*** Opening Material provided ***
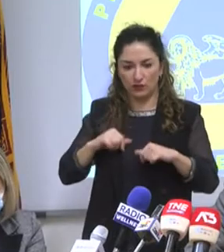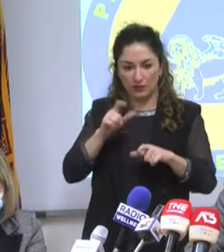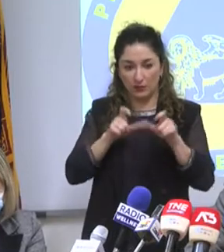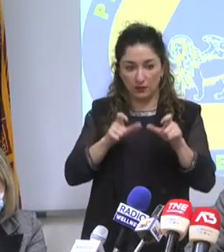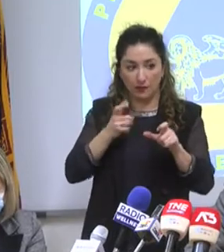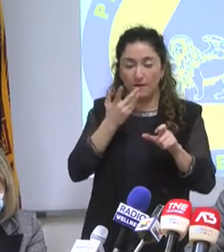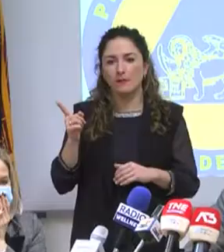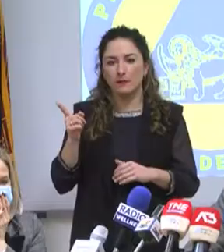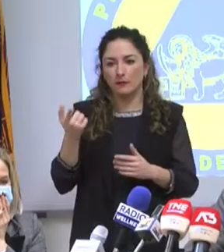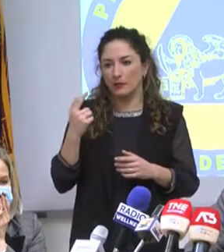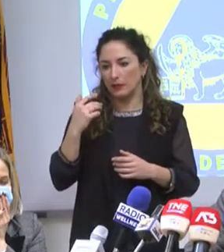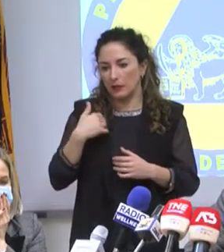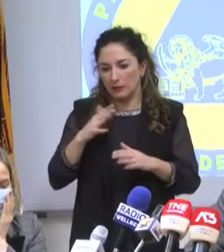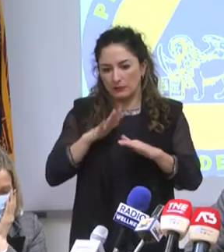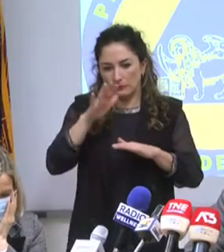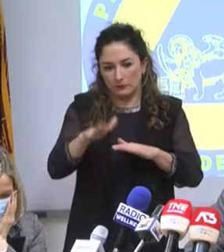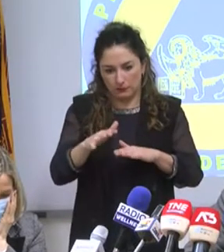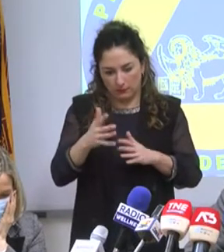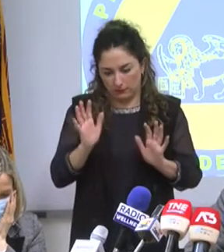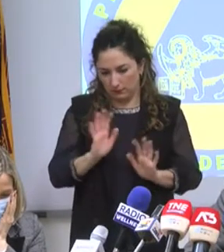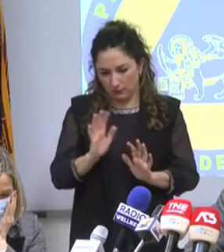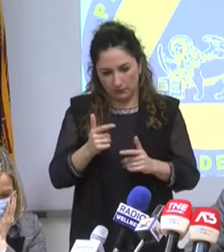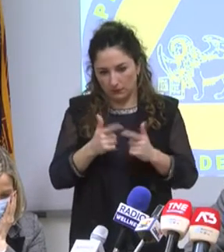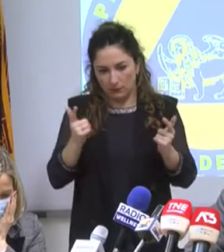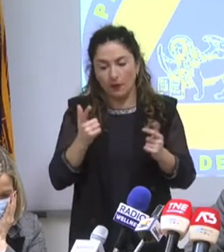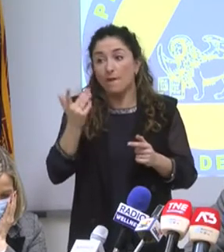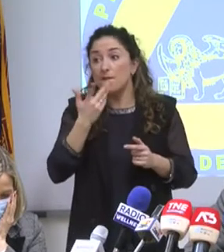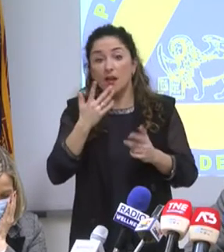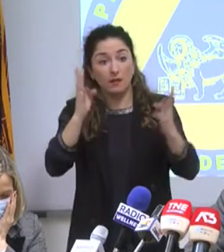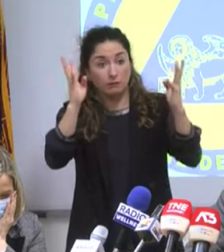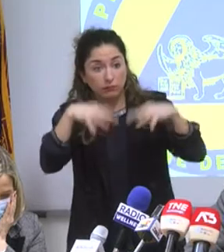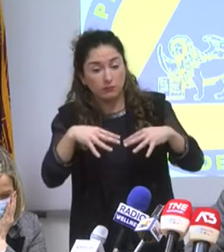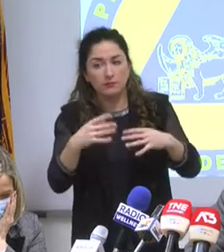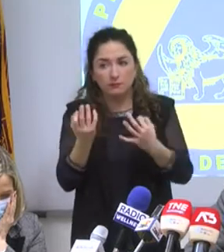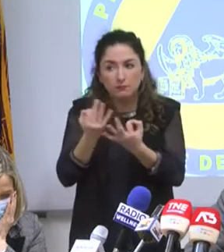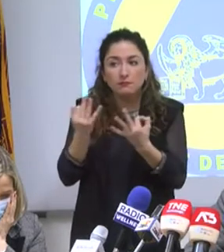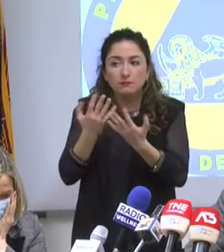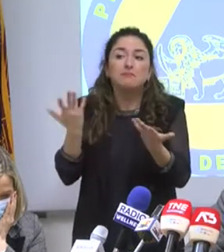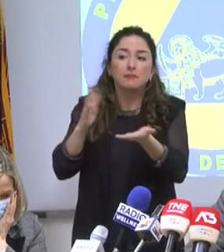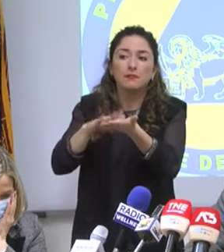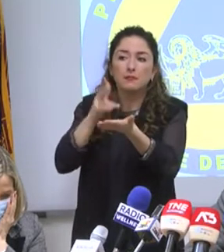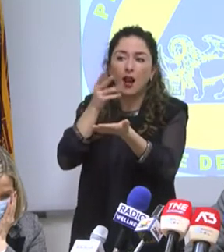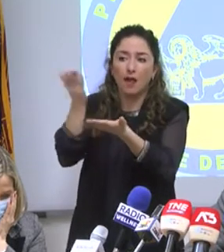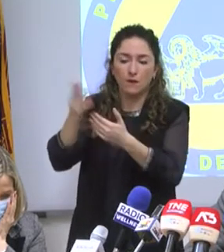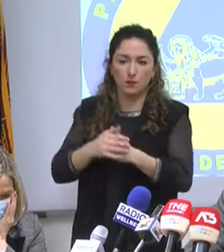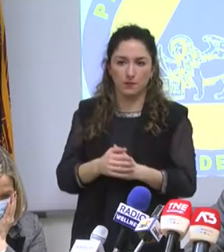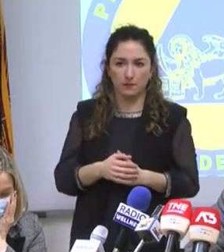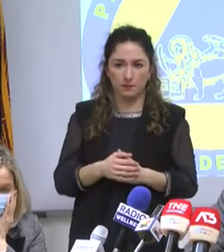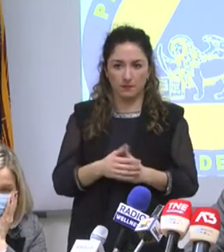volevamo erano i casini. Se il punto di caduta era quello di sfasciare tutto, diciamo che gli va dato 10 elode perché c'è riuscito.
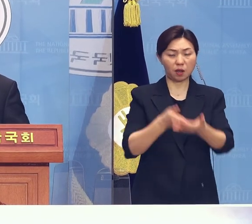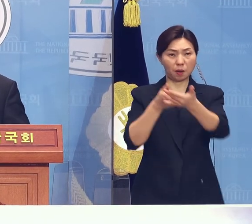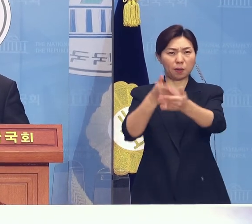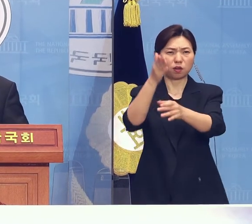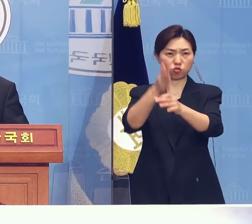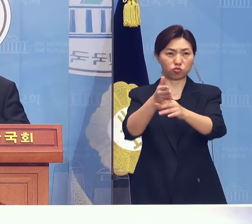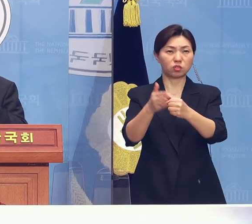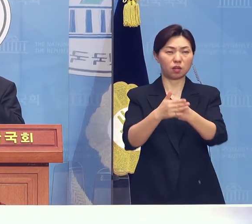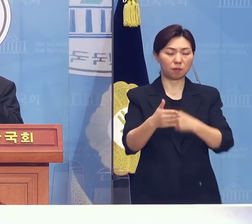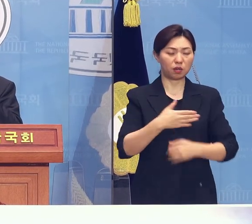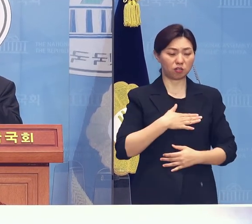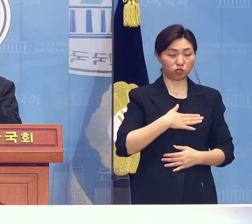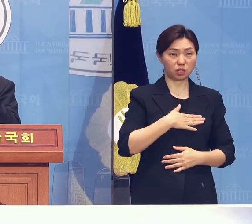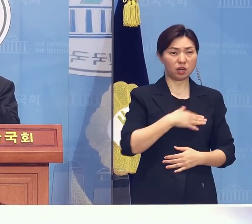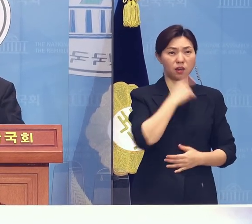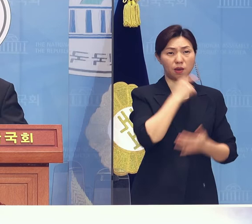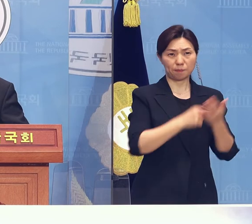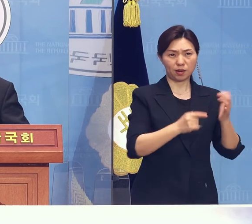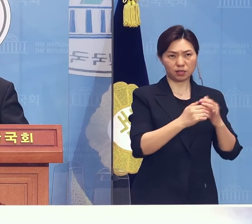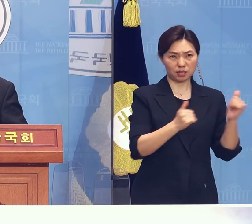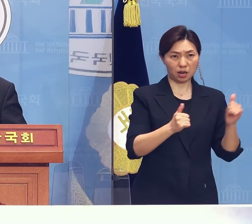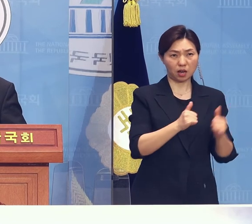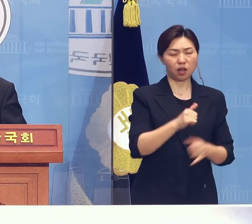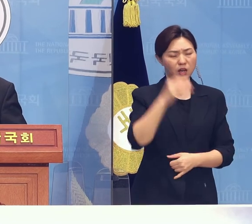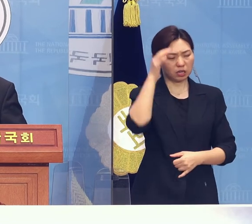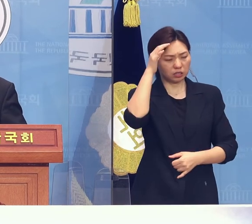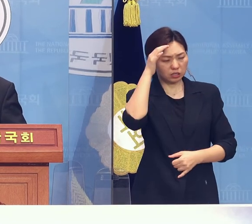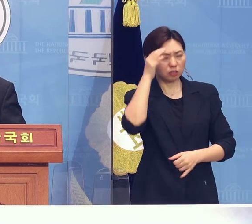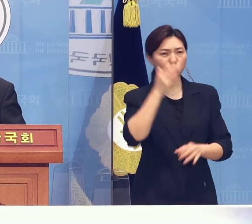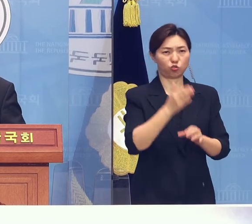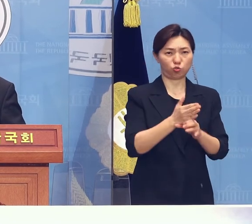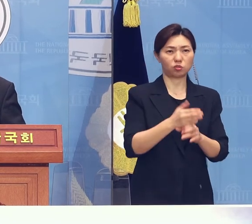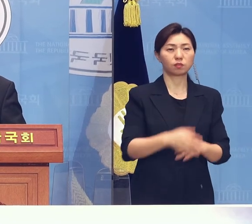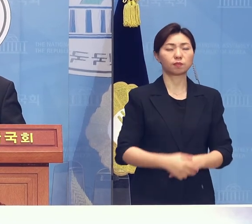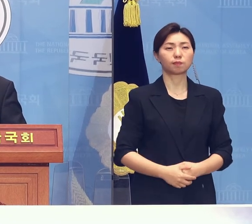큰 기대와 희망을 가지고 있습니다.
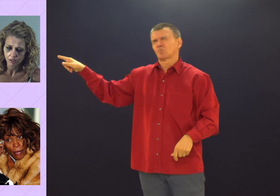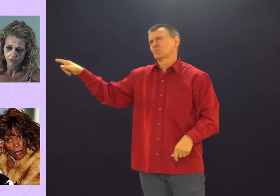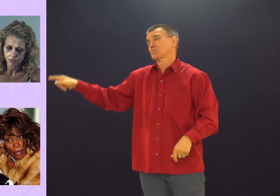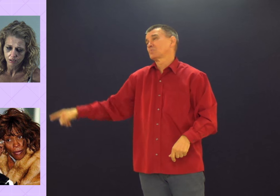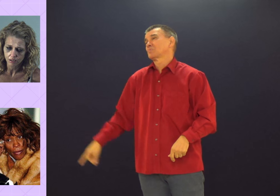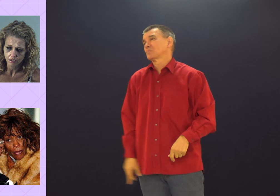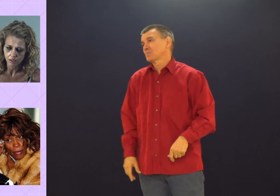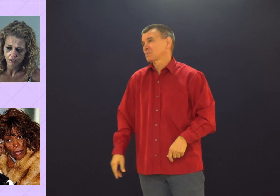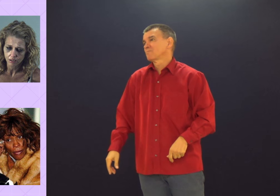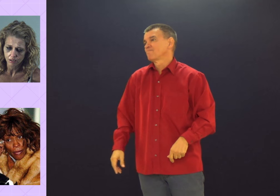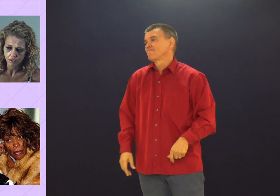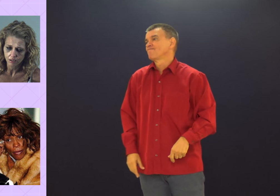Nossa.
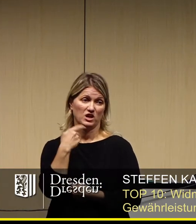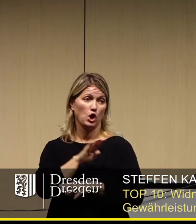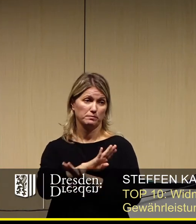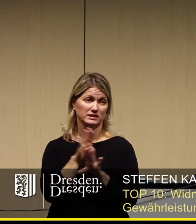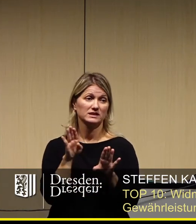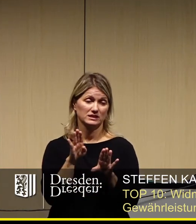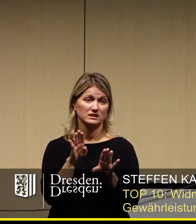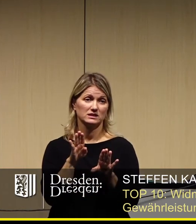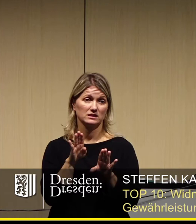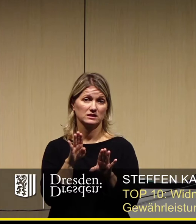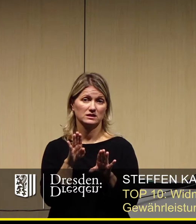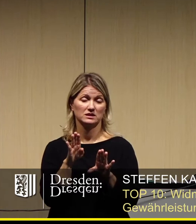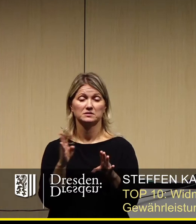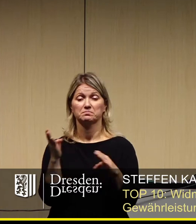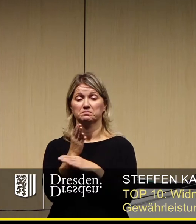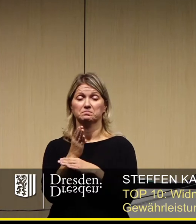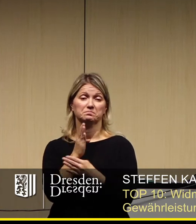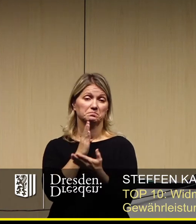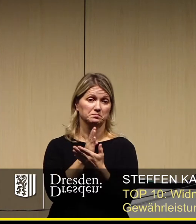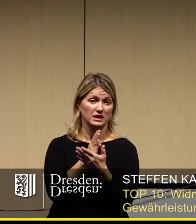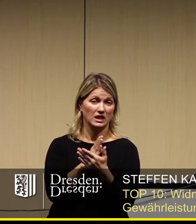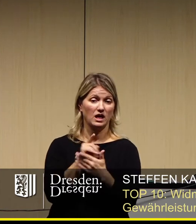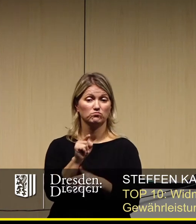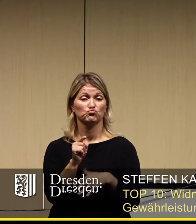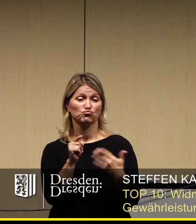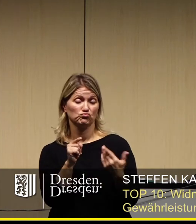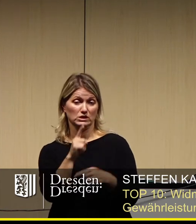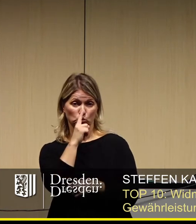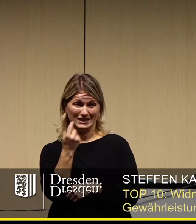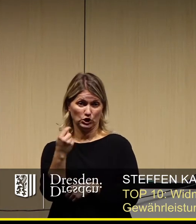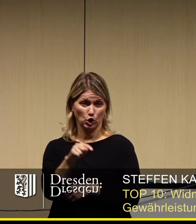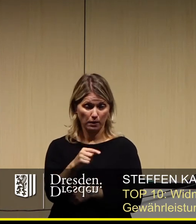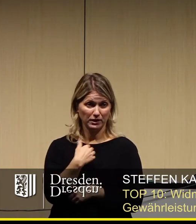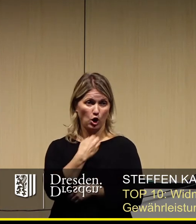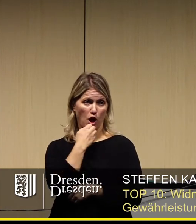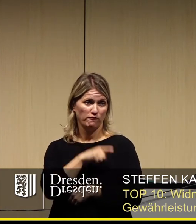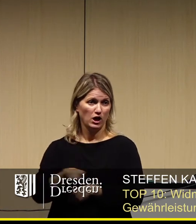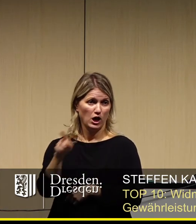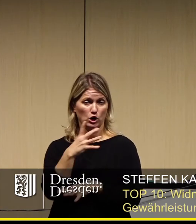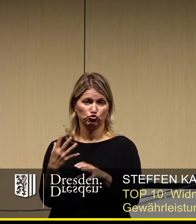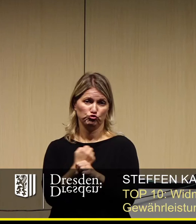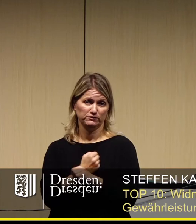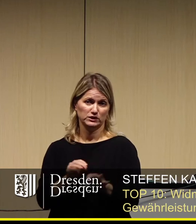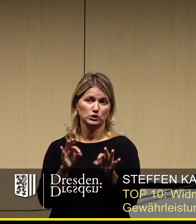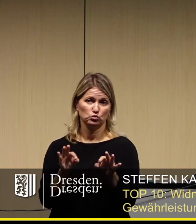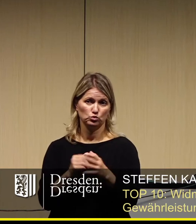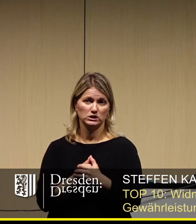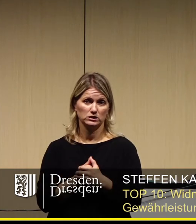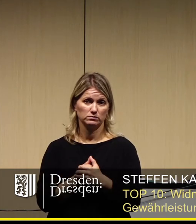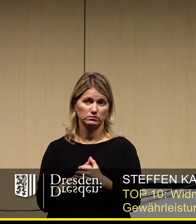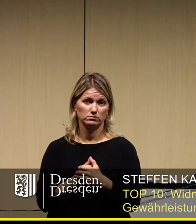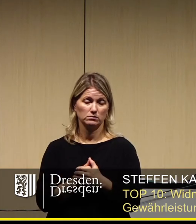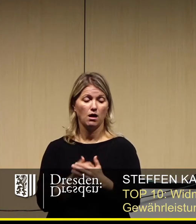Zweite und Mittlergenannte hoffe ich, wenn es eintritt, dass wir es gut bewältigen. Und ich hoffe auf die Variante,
*** Closing Material provided ***
# Exercise objective:
Please set down the whole listing above exactly and skip every picture.

# Output:
volevamo erano i casini. Se il punto di caduta era quello di sfasciare tutto, diciamo che gli va dato 10 elode perché c'è riuscito.
큰 기대와 희망을 가지고 있습니다.
Nossa.
Zweite und Mittlergenannte hoffe ich, wenn es eintritt, dass wir es gut bewältigen. Und ich hoffe auf die Variante,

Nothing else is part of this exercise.